■ Work item
Your reply should contain the whole listing below, repeated exactly, and no images.

━━━━━━━━━━━━━━━━

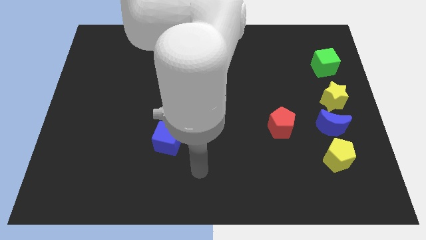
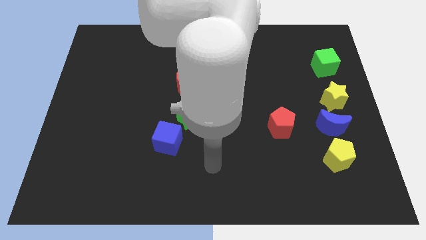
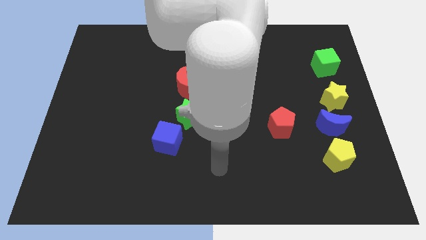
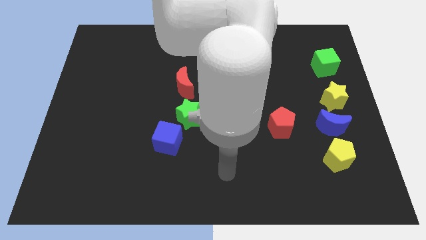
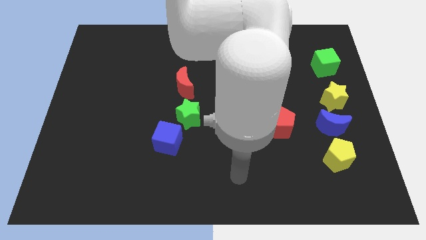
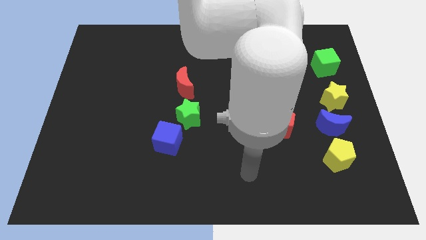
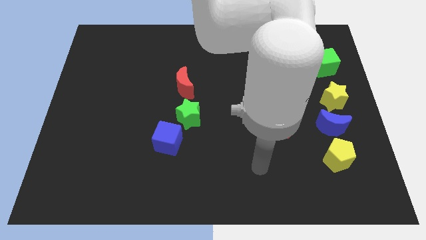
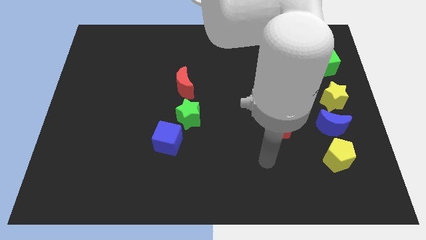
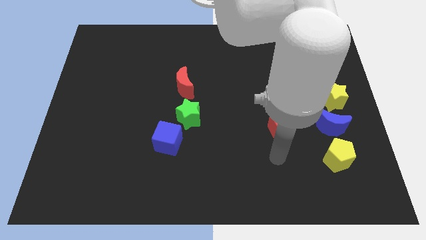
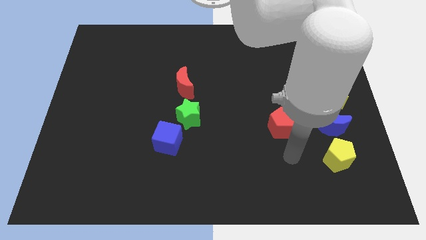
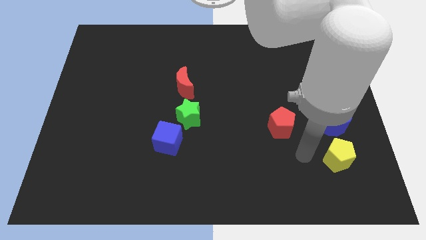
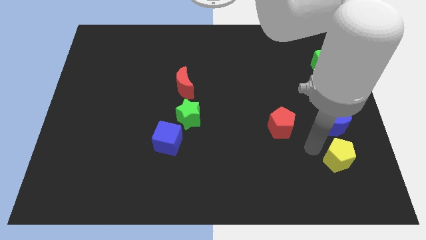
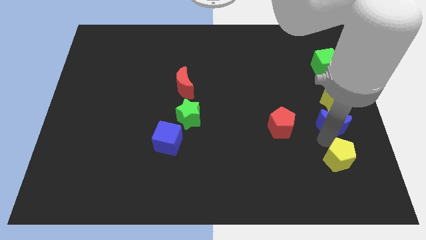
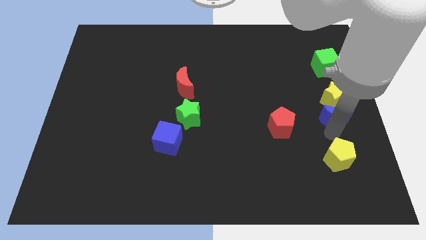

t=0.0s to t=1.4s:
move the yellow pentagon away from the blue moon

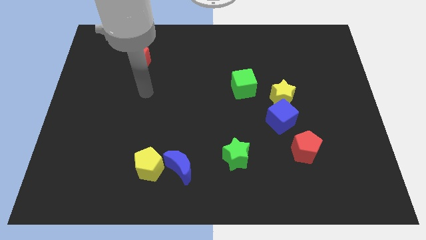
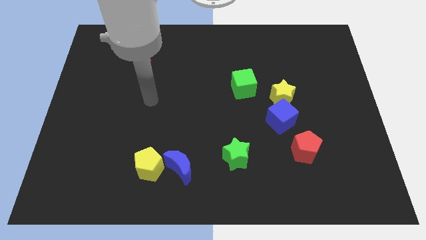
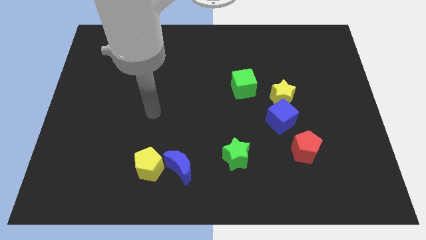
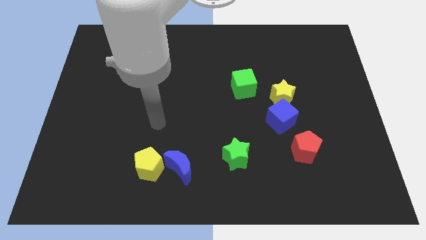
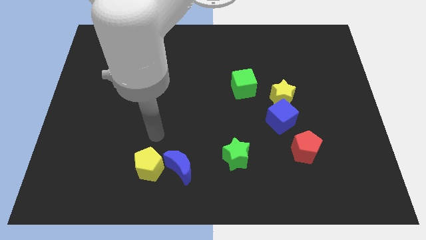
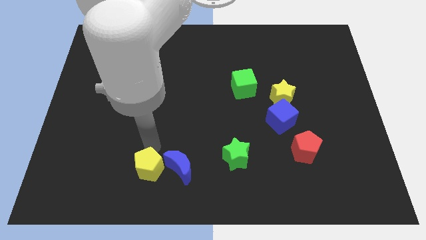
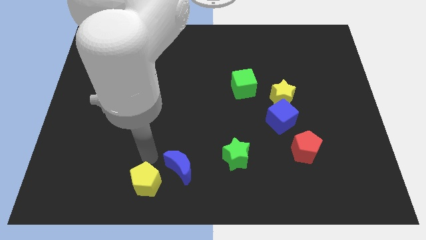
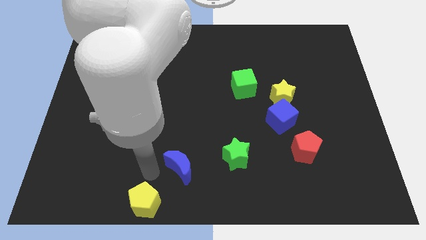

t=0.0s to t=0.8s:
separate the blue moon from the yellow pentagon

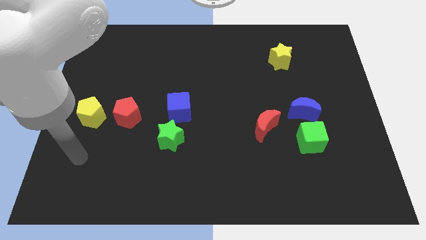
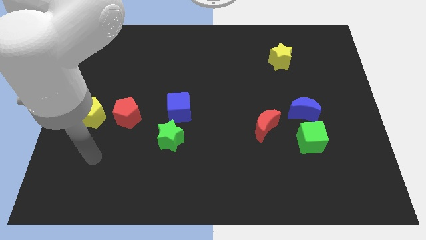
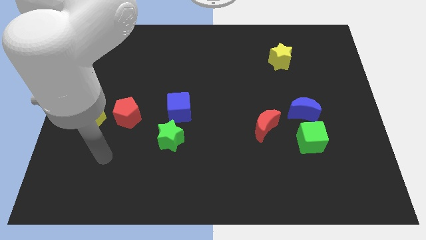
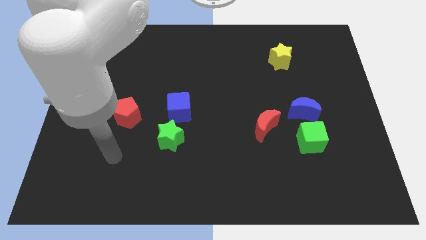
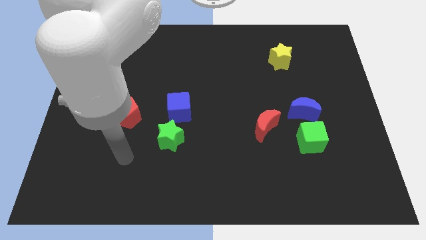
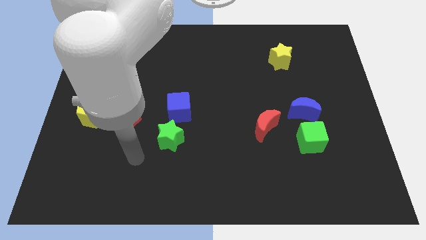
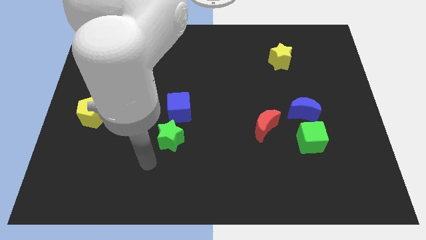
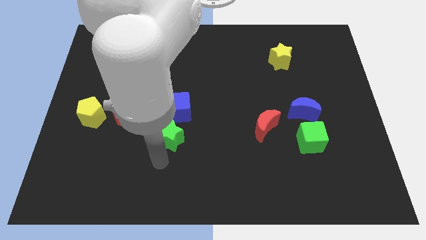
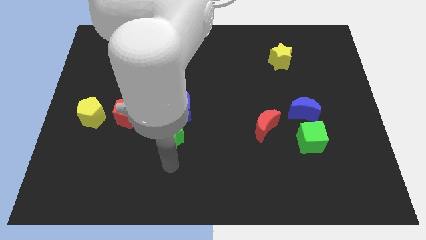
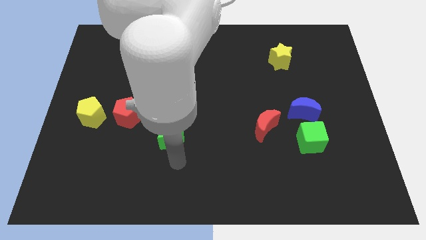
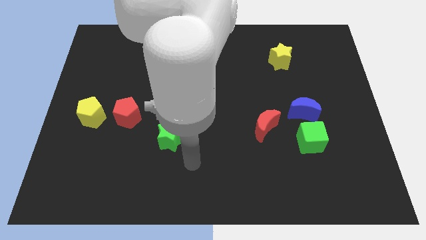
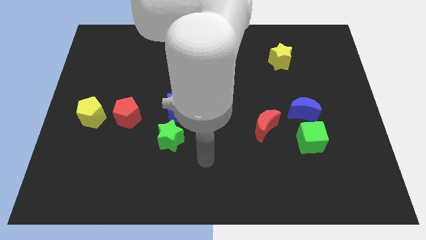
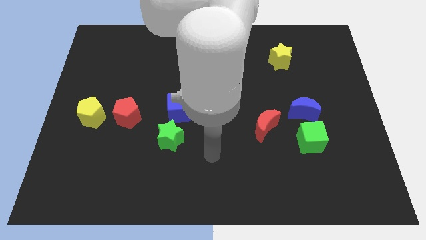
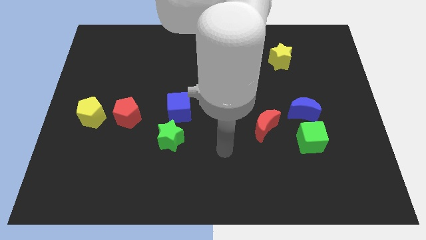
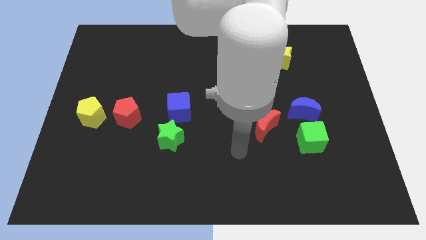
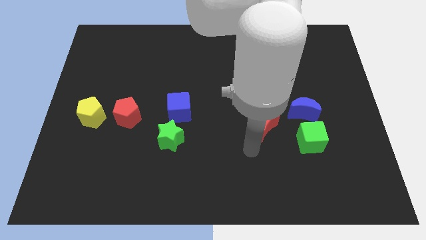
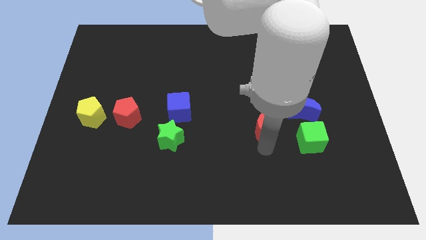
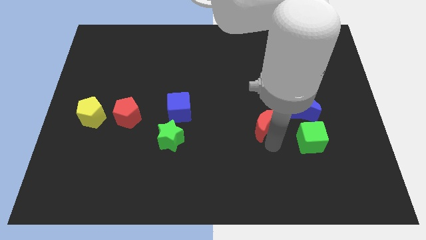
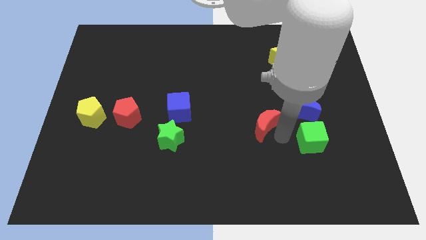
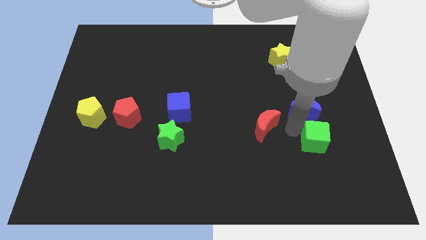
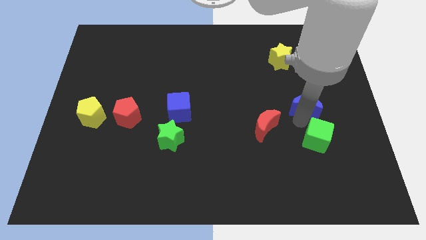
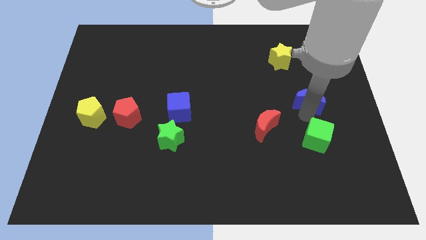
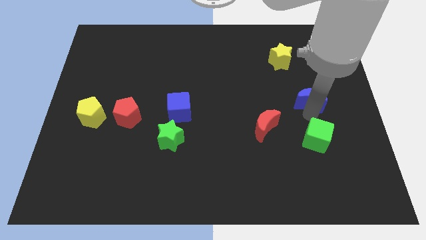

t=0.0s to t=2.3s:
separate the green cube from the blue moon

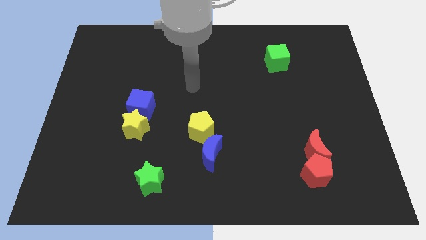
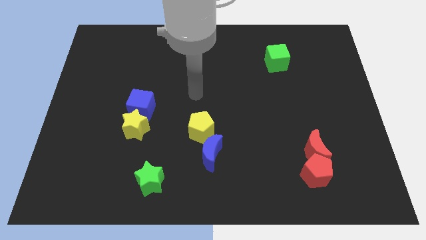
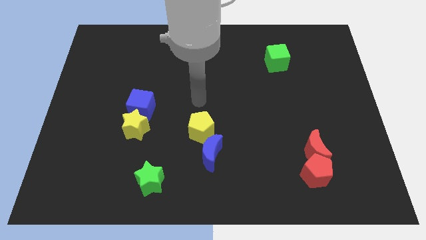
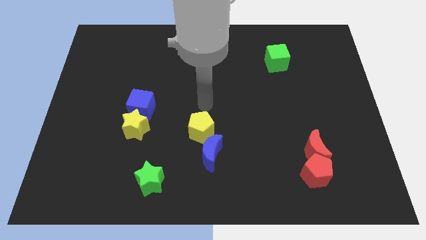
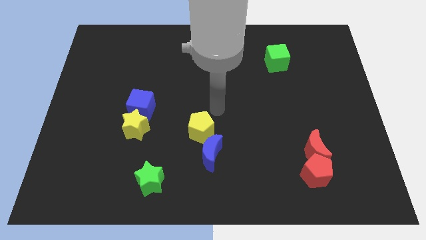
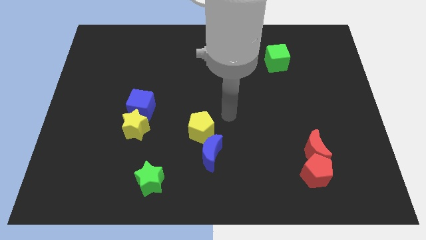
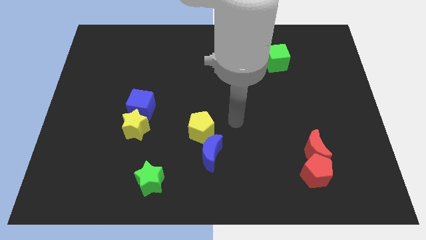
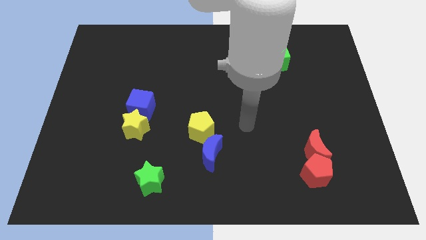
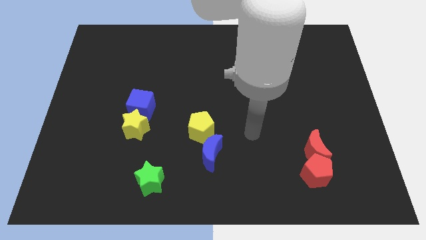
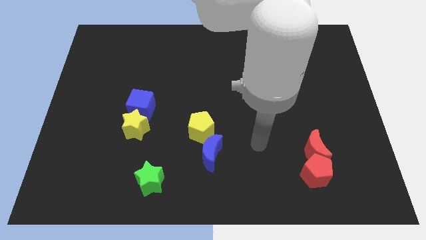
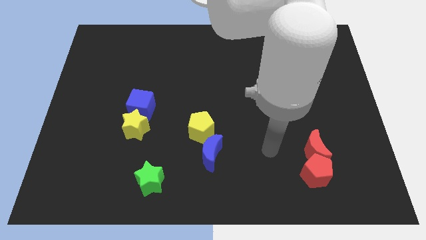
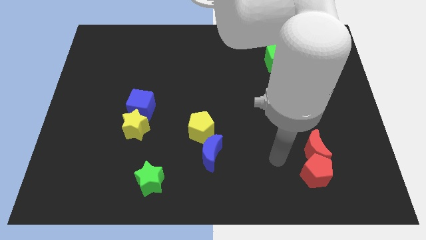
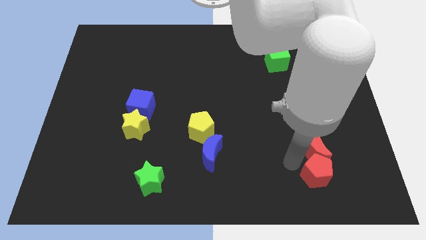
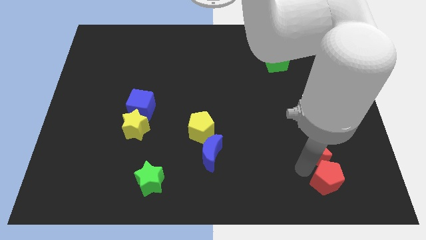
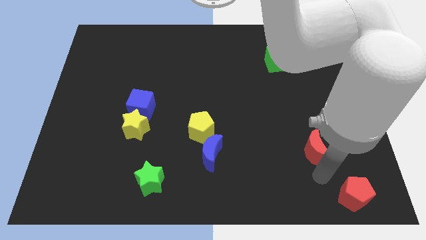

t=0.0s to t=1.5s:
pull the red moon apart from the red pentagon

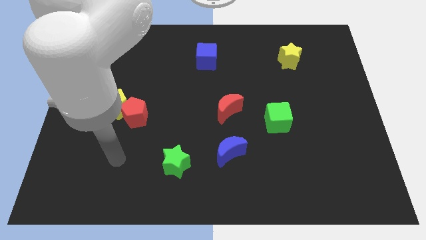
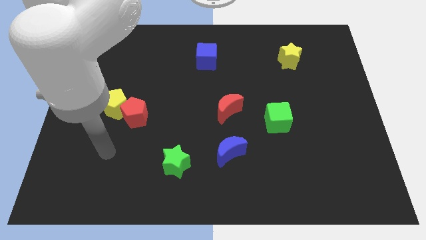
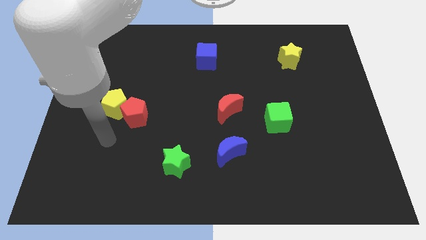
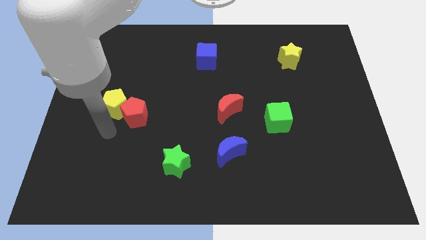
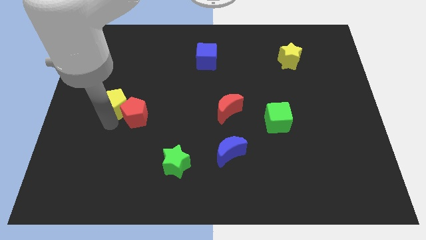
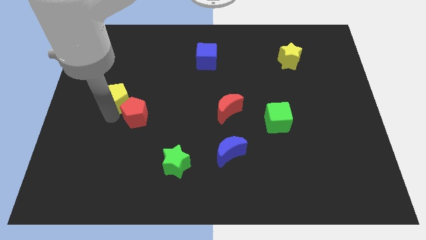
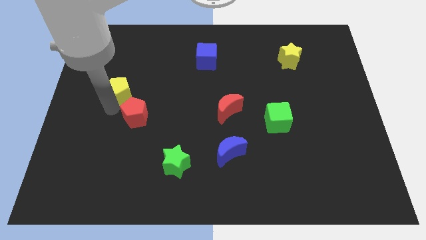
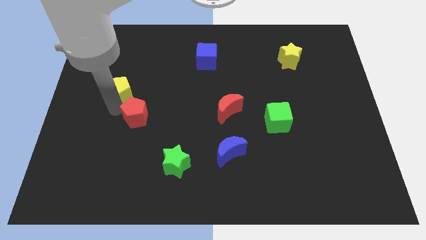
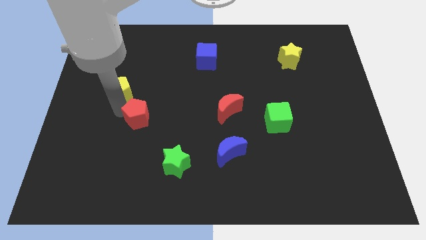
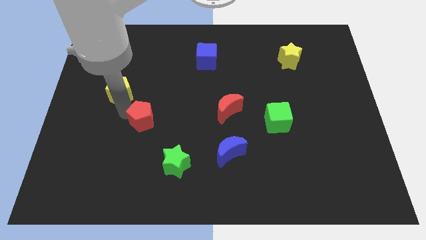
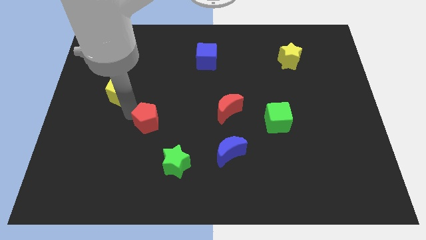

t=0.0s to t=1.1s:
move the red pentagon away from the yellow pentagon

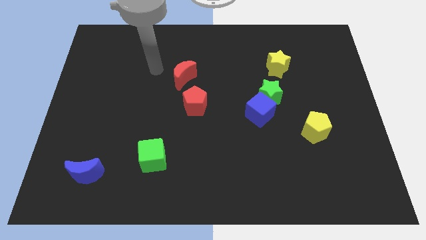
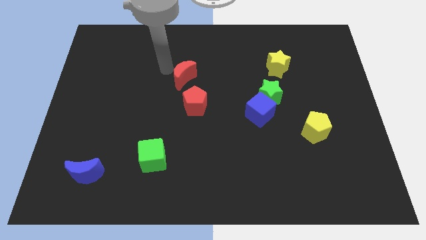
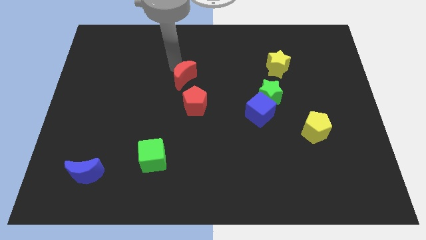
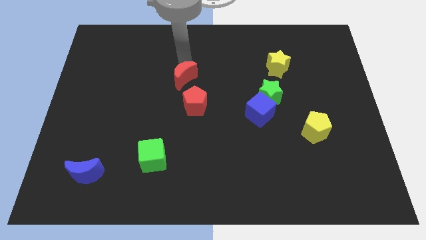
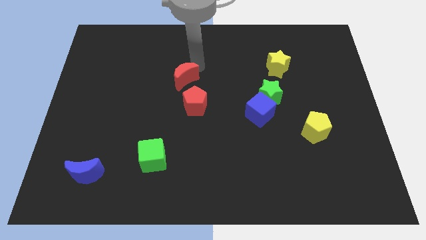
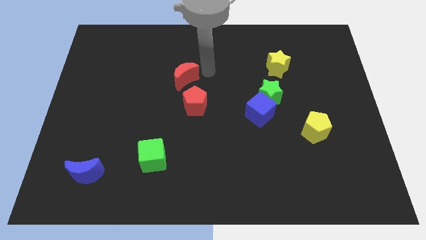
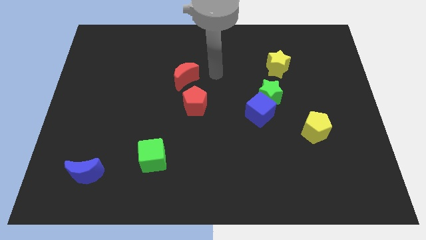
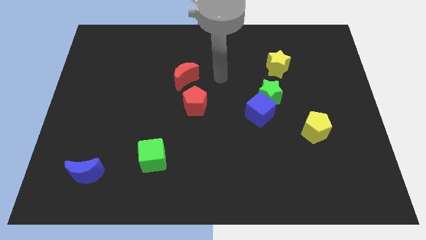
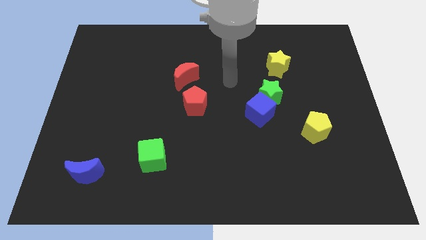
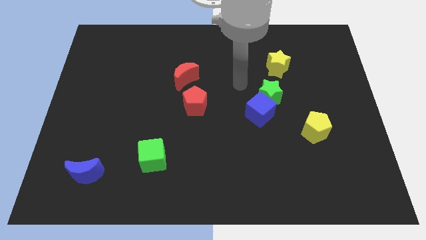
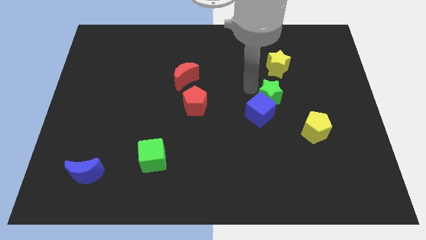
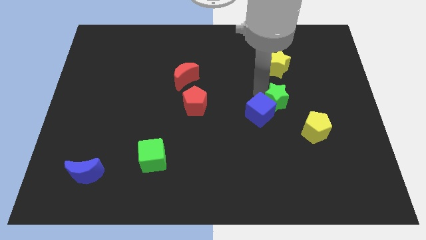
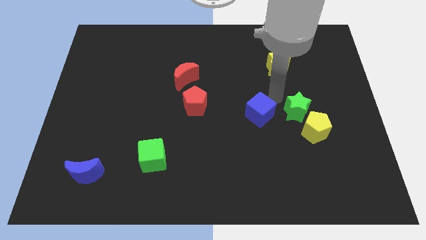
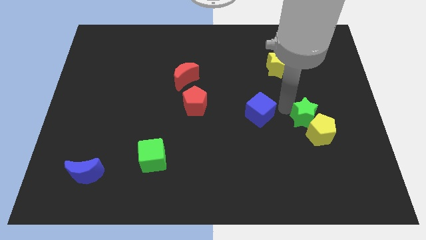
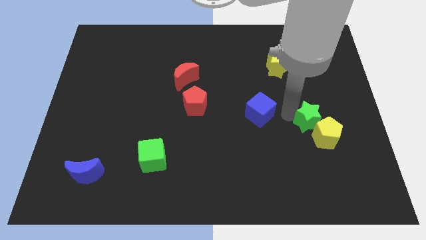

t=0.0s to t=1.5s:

━━━━━━━━━━━━━━━━

■ Exercise result
t=0.0s to t=1.4s:
move the yellow pentagon away from the blue moon


t=0.0s to t=0.8s:
separate the blue moon from the yellow pentagon


t=0.0s to t=2.3s:
separate the green cube from the blue moon


t=0.0s to t=1.5s:
pull the red moon apart from the red pentagon


t=0.0s to t=1.1s:
move the red pentagon away from the yellow pentagon


t=0.0s to t=1.5s:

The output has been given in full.